Il y a quarante ans que la cantatrice gréco-américaine, qui fut et reste la plus grande diva du monde, a disparu. Ce très beau et très riche documentaire signé de l’ultra doué Tom Volf (photographe, réalisateur, auteur, producteur, etc…) lui rend hommage à la mesure de son extraordinaire complexité. La diva assoluta s’y livre en toute sincérité, avec la pudeur, la retenue, l’élégance, la vulnérabilité et l’intelligence qui étaient les siennes. Elle y chante aussi bien sûr, miraculeuse, inégalée, irremplaçable. C’est Fanny Ardant qui lit ses lettres et des extraits de ses mémoires. 1h53 d’enchantement et d’émotion. A condition d’aimer les mythes et l’opéra.
RECOMMANDATION : EXCELLENT
- 2 « LA DEUXIÈME ETOILE » DE LUCIEN JEAN-BAPTISTE -
Huit ans après La Première Etoile, Jean-Gabriel (Lucien Jean-Baptiste) retourne à la neige. Cette fois, pour y passer Noël avec sa petite famille au grand complet : sa femme (Anne Consigny), ses enfants (désormais quatre), sa mère (Firmine Richard, désopilante), et son beau-père (Roland Giraud, irrésistible en Papy fait de la Résistance). Embrouilles avec des malfrats de pacotille, engueulades avec des voisins mal embouchés, dérapages incontrôlés, sans compter le petit cochon de Noël qui va se faire la malle… Evidemment ça ne va pas se passer tout schuss. Si le premier volet de ces vacances à la neige tenait de la comédie italienne, celui-ci relève du cartoon. Tout n’est pas tout le temps réussi ou abouti. Mais on rit de bon cœur (jamais aux dépens des autres, ça fait du bien !) et la tendresse court tout au long de cette comédie, à voir, on l’a compris, en famille..
RECOMMANDATION : BON
- 3 « LES GARDIENNES » DE XAVIER BEAUVOIS -
Nous sommes en 1915. C’est la première guerre mondiale. Les hommes sont partis au front. Dans les campagnes, ce sont les femmes qui assurent la survie des exploitations agricoles: labourage, semailles, moissons, etc.. Inspiré d’un roman éponyme d’Ernest Perochon, Les Gardiennes mettent en scène deux de ces femmes dans une ferme de la Creuse, une mère (Nathalie Baye) et sa fille (Laura Smet), bientôt rejointes, pour leur prêter main forte, par une servante (Iris Bry, nouvelle venue dans la famille cinéma).

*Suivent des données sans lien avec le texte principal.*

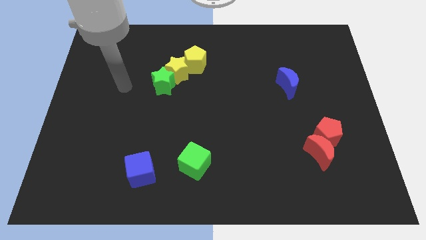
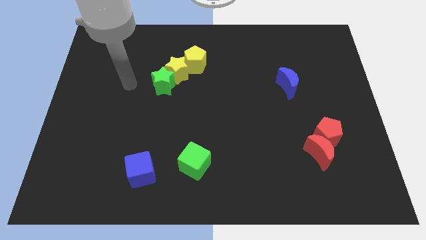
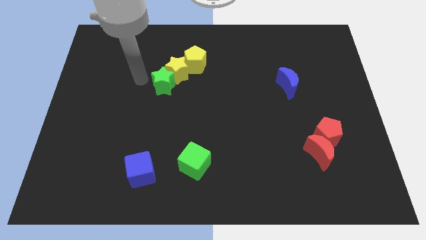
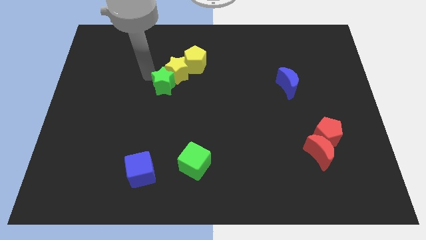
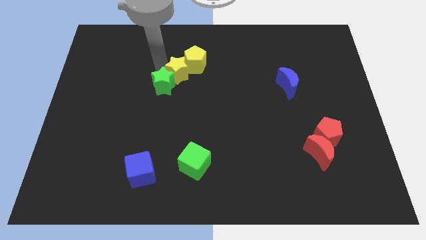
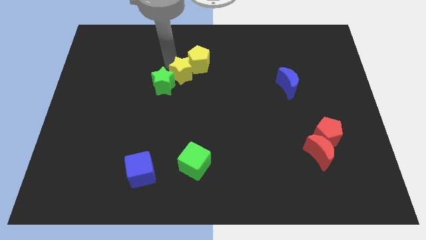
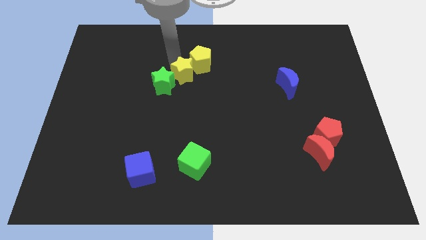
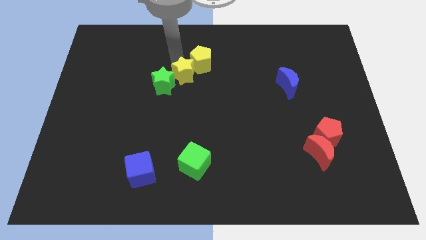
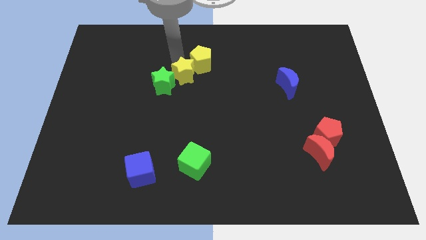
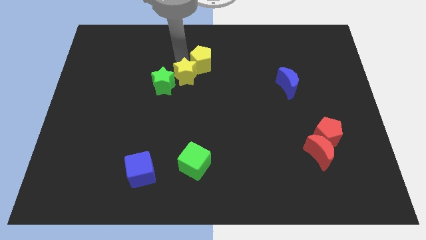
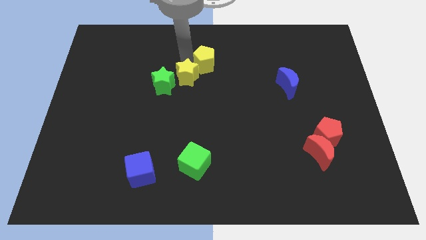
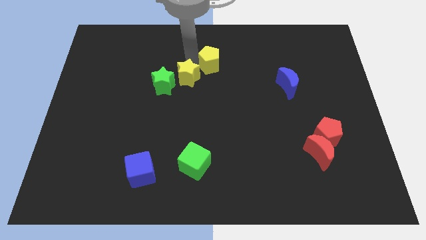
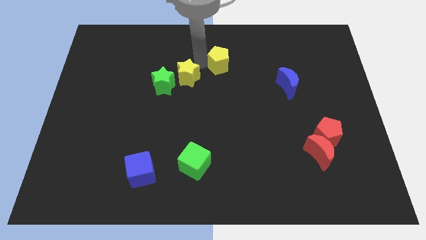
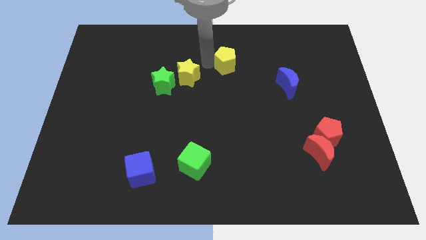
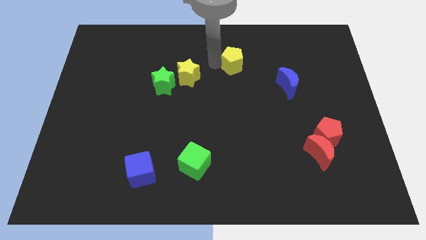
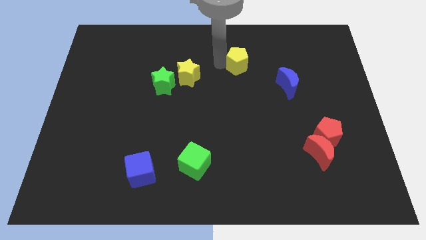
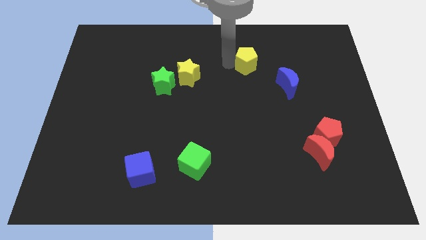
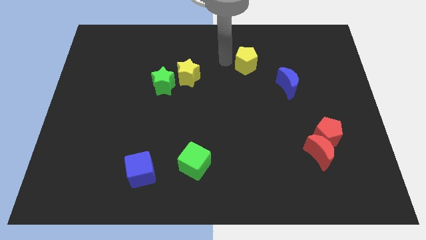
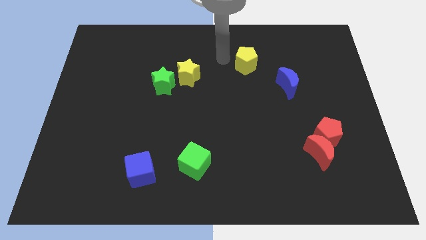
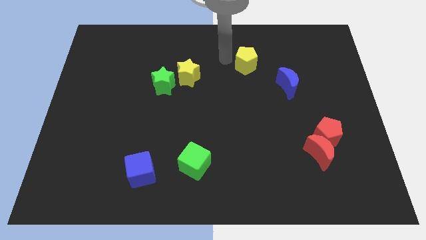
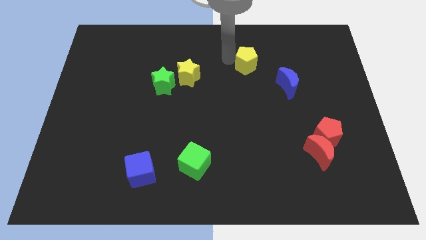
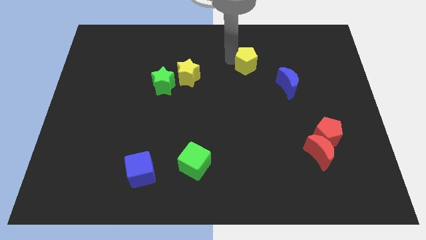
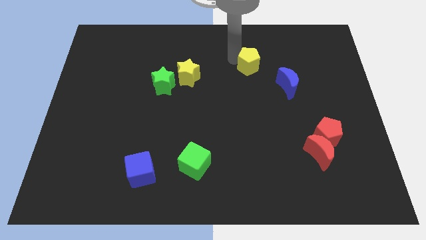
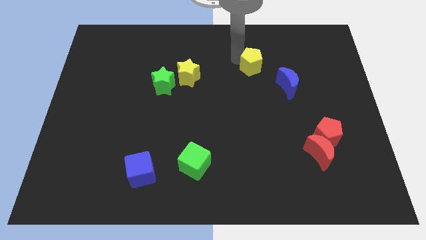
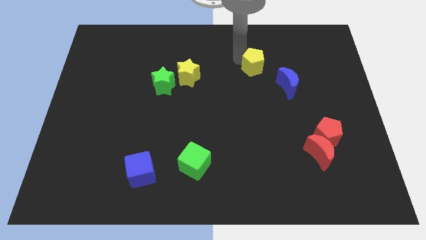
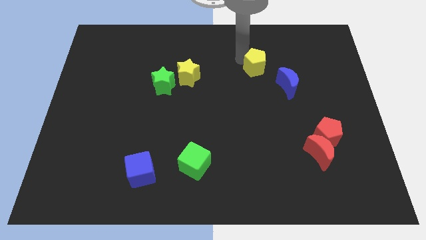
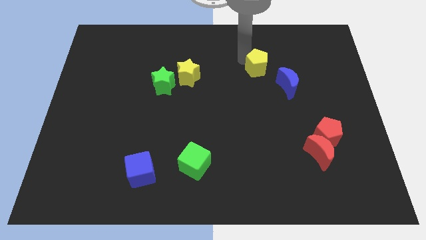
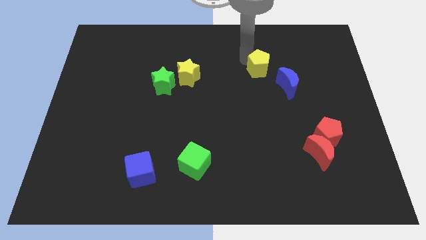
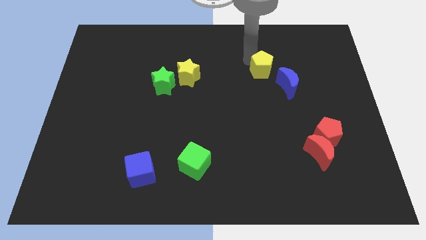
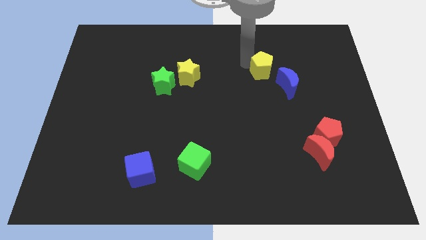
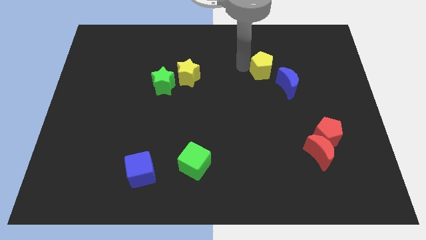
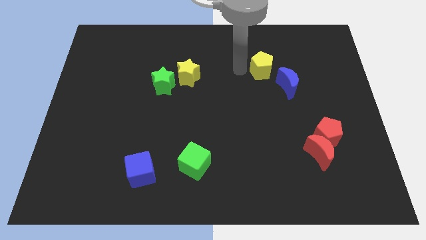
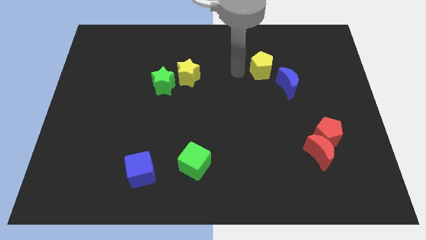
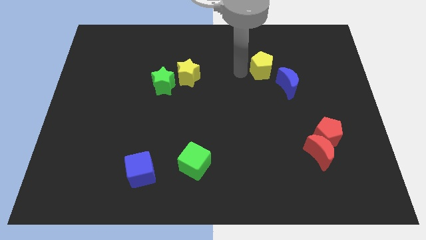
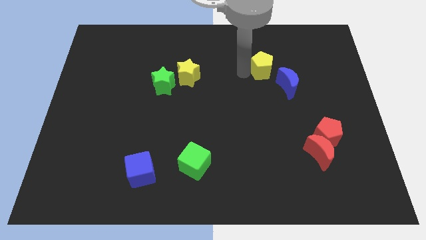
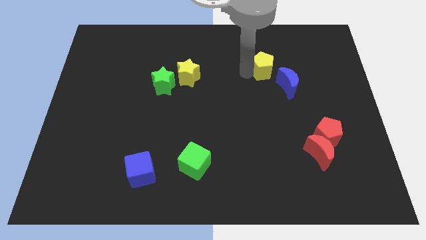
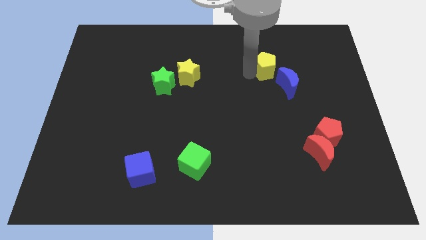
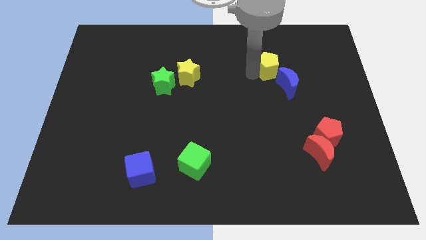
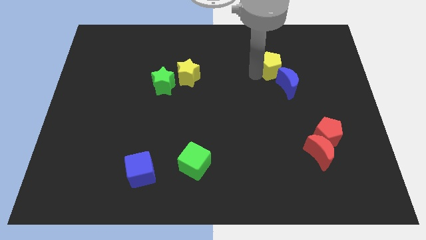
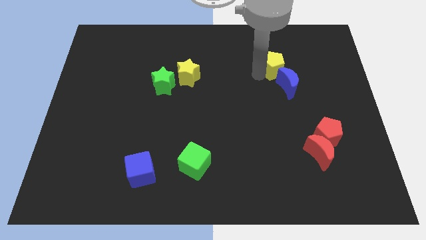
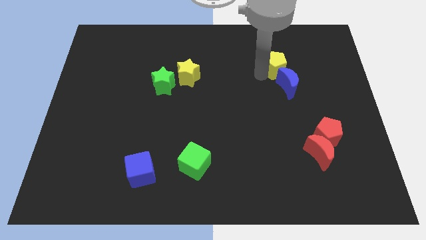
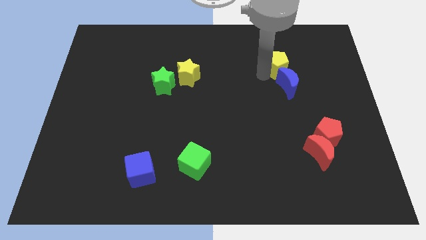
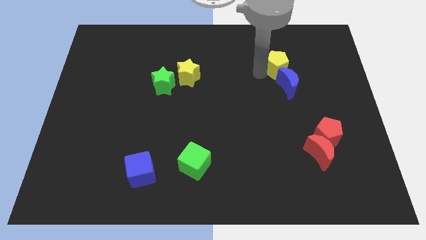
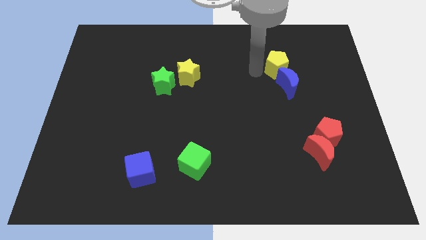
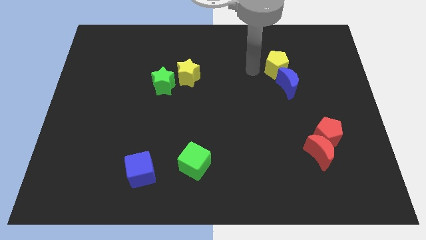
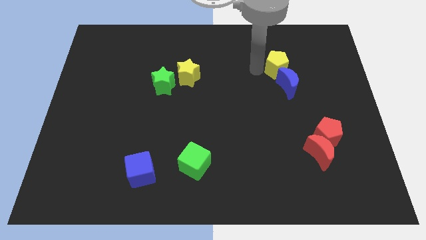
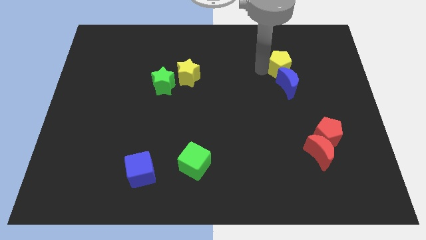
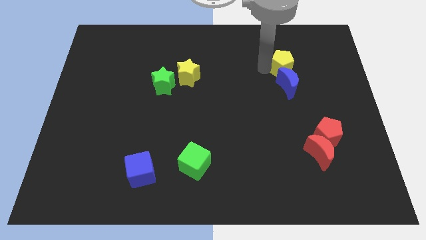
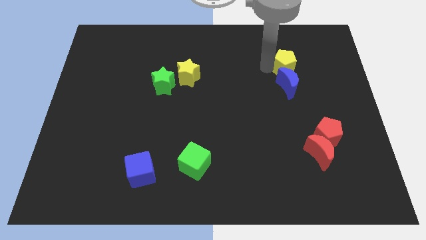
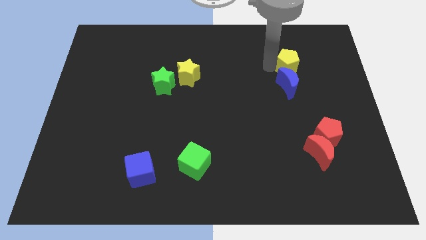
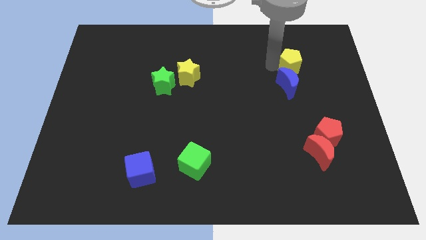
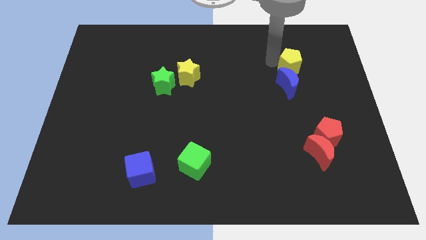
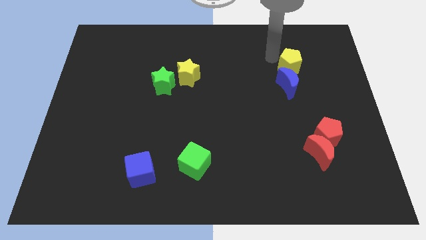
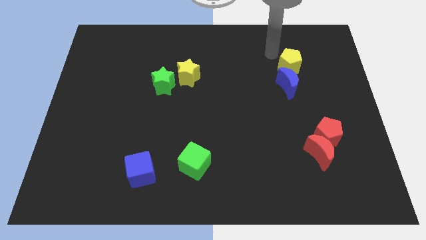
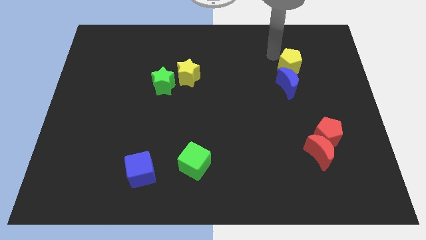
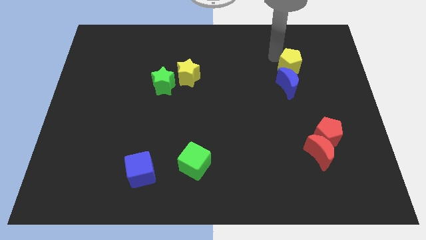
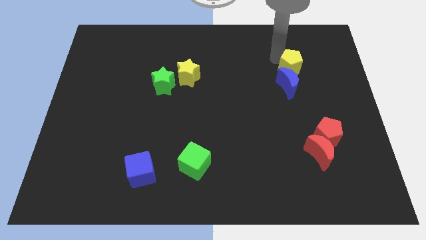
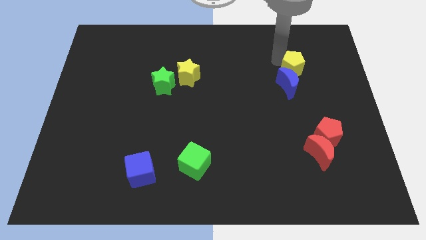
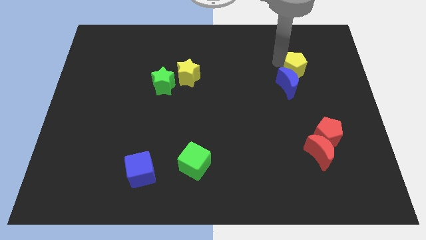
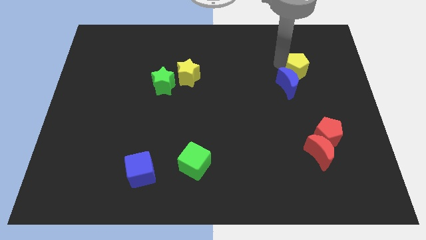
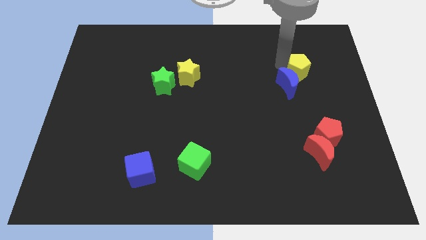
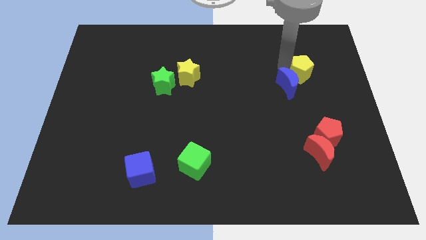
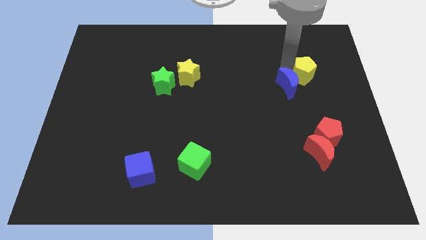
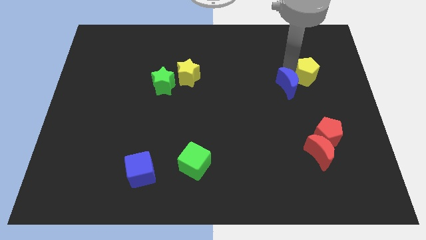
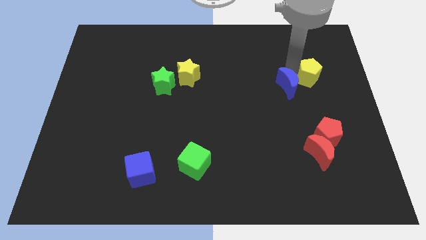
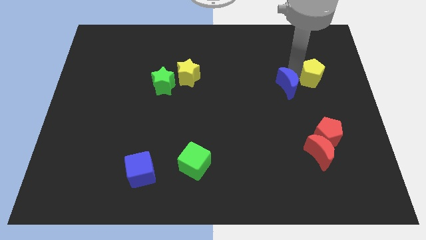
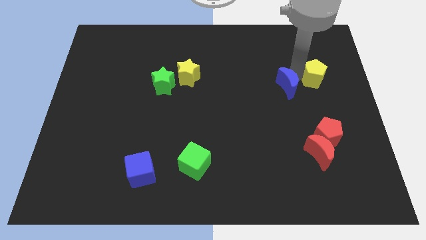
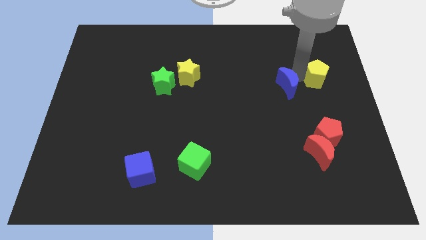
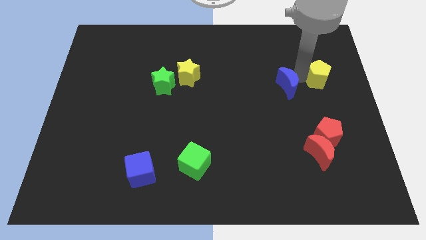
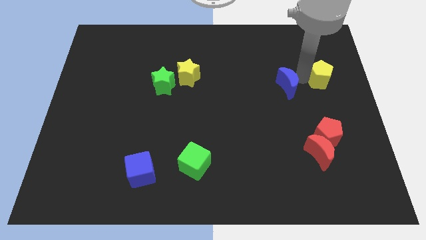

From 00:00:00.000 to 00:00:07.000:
push the yellow pentagon to the right side of the board

Avec ce film, naturaliste, très beau sur le plan formel (on se croit par moments dans des toiles de Millet), le septième de sa carrière de cinéaste, Xavier Beauvois a voulu tirer son chapeau à toutes ces femmes qui se sont sacrifiées dans l’anonymat et le silence.
Si on s’ennuie un peu lors des reconstitutions, peut être trop minutieuses, des travaux des champs (ah, le geste auguste du semeur, dupliqué à l’envie !), en revanche, on est fasciné par le jeu d’Iris Bray. A la fois mobile et incandescent. A noter, aussi, la très belle lumière de Caroline Champetier.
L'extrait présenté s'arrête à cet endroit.